Scan the entries below for the word "STEP" and copy every line where it turns up.
- - - - - - -
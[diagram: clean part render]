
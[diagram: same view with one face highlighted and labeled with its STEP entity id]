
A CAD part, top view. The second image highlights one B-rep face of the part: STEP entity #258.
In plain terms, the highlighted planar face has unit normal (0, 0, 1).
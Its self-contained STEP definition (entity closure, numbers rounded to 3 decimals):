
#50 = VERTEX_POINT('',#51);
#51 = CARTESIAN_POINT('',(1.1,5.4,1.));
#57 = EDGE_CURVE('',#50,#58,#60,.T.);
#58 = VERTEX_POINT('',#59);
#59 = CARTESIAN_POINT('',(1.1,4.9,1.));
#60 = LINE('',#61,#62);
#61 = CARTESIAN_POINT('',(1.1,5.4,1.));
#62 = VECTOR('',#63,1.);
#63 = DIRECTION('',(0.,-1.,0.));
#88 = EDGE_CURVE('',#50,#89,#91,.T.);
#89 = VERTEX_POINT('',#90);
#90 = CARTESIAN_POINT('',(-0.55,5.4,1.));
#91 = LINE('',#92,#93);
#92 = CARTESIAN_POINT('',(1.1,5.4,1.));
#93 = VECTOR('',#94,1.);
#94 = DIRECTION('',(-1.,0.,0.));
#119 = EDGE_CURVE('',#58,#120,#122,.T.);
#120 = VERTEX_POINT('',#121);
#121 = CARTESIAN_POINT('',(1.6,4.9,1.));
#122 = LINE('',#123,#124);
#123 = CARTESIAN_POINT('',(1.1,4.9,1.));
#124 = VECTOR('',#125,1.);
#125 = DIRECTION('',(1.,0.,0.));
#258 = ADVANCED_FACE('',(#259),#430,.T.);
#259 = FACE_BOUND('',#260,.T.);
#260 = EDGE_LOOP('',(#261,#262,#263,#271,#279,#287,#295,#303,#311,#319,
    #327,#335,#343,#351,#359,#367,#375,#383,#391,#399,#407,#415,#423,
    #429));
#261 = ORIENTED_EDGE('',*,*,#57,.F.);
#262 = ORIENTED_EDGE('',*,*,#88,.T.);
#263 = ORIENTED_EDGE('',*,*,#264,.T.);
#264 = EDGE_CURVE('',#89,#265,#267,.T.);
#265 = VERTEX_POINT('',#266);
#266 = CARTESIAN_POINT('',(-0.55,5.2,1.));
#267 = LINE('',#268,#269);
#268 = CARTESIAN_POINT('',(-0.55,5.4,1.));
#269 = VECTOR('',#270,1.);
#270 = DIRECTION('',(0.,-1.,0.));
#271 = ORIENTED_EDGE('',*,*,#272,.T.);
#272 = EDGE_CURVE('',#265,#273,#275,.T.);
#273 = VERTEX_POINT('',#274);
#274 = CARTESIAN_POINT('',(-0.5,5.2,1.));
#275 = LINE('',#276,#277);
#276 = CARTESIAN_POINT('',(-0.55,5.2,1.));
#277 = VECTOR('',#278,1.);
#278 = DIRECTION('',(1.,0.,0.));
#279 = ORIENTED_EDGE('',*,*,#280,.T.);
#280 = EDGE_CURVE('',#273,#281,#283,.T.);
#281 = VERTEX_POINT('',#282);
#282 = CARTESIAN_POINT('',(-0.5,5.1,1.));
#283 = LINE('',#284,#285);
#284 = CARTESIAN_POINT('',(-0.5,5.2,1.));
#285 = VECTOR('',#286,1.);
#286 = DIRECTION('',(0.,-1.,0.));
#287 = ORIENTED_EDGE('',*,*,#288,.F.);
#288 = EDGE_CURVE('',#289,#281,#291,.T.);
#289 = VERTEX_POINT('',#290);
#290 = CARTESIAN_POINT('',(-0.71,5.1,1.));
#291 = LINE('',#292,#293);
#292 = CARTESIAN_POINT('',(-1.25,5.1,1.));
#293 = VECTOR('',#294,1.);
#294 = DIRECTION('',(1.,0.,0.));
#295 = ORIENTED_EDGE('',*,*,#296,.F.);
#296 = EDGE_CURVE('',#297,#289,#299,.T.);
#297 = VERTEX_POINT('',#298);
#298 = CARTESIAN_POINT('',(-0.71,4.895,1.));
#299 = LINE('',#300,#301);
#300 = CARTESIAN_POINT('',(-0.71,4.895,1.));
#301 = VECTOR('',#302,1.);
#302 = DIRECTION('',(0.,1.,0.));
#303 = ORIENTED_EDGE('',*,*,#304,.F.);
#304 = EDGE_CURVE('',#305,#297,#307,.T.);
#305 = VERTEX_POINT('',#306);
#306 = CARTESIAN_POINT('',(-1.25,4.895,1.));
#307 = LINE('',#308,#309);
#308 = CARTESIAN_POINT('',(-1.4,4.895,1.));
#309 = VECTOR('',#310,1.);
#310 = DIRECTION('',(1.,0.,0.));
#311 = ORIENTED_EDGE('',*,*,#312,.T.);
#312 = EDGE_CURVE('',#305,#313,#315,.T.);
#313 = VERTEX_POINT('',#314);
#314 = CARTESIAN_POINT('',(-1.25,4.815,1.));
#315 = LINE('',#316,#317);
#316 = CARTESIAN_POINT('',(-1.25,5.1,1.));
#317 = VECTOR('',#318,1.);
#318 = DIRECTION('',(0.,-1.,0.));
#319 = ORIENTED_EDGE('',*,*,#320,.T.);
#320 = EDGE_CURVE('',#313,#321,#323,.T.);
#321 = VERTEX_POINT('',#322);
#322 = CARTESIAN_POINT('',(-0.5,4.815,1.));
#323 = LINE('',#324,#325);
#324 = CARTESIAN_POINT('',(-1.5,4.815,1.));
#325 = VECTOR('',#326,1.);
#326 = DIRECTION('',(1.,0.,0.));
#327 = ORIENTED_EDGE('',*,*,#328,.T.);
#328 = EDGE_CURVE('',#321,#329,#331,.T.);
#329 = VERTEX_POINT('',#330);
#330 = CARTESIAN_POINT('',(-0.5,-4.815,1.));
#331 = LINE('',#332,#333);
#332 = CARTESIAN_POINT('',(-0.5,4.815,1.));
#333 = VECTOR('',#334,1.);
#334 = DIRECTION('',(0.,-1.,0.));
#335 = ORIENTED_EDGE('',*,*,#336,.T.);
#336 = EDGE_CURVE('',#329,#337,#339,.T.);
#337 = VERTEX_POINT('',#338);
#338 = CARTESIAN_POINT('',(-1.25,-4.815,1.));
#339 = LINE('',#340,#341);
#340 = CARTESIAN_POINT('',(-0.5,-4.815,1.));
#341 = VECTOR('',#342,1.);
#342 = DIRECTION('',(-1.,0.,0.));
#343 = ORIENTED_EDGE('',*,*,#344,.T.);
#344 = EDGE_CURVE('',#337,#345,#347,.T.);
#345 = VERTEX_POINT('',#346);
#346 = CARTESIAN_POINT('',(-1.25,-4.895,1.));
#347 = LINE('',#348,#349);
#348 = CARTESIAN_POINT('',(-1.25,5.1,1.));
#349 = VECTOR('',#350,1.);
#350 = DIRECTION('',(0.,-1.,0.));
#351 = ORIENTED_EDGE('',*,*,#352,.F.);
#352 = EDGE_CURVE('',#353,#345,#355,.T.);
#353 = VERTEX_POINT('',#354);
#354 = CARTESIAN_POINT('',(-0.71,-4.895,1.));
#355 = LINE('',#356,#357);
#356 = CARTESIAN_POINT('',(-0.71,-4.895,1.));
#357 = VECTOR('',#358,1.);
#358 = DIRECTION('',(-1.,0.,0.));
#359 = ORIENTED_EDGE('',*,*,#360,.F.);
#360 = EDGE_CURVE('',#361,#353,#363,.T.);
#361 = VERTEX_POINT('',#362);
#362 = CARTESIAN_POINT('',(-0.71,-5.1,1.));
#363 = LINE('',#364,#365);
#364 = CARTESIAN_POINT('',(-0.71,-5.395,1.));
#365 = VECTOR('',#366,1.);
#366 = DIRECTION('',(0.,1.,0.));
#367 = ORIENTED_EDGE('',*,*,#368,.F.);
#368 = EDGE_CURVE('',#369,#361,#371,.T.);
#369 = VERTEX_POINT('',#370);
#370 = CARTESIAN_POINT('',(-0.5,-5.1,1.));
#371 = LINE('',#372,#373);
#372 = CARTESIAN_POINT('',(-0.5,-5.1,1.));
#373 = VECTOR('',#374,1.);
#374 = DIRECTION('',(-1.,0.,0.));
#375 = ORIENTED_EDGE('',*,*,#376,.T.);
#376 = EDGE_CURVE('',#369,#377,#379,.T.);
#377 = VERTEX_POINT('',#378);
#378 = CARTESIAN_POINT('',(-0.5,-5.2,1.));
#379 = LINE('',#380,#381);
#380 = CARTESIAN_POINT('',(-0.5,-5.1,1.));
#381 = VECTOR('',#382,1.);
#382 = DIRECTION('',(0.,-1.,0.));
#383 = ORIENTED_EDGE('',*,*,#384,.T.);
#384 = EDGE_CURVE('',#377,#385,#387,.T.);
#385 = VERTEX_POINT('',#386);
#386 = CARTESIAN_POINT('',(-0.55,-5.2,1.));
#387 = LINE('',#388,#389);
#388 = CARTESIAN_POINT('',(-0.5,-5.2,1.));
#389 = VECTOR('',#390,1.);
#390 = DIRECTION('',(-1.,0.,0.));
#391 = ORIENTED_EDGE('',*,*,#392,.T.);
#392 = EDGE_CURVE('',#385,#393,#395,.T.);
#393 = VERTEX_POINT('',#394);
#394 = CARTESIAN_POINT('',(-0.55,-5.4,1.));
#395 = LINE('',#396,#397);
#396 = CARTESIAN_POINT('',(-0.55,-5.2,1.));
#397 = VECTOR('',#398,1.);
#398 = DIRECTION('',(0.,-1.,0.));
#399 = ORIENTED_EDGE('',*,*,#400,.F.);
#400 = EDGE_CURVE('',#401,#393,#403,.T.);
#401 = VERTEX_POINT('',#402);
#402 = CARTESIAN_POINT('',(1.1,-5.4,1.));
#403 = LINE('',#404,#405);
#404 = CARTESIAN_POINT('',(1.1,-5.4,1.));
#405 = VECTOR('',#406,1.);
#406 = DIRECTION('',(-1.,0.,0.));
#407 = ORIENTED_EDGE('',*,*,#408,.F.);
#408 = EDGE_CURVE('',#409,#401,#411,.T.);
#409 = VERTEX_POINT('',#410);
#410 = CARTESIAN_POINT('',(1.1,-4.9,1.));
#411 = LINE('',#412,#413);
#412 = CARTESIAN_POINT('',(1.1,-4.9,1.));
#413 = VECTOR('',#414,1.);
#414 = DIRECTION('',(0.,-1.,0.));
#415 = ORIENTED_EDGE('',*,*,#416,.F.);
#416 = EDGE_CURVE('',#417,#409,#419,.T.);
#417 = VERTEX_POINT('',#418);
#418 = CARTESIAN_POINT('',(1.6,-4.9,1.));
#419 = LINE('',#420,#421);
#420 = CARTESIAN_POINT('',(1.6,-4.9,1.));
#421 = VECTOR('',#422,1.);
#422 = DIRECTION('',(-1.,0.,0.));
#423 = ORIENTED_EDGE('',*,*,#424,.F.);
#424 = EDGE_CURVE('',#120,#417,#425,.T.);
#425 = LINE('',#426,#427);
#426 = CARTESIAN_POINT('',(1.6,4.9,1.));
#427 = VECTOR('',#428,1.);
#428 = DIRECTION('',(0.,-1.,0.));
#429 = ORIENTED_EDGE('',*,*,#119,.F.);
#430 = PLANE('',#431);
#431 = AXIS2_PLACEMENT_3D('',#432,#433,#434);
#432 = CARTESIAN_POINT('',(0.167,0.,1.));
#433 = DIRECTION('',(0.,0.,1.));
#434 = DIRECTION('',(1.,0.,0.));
- - - - - - -
▸ **YOUR RESPONSE**:
[diagram: same view with one face highlighted and labeled with its STEP entity id]
A CAD part, top view. The second image highlights one B-rep face of the part: STEP entity #258.
Its self-contained STEP definition (entity closure, numbers rounded to 3 decimals):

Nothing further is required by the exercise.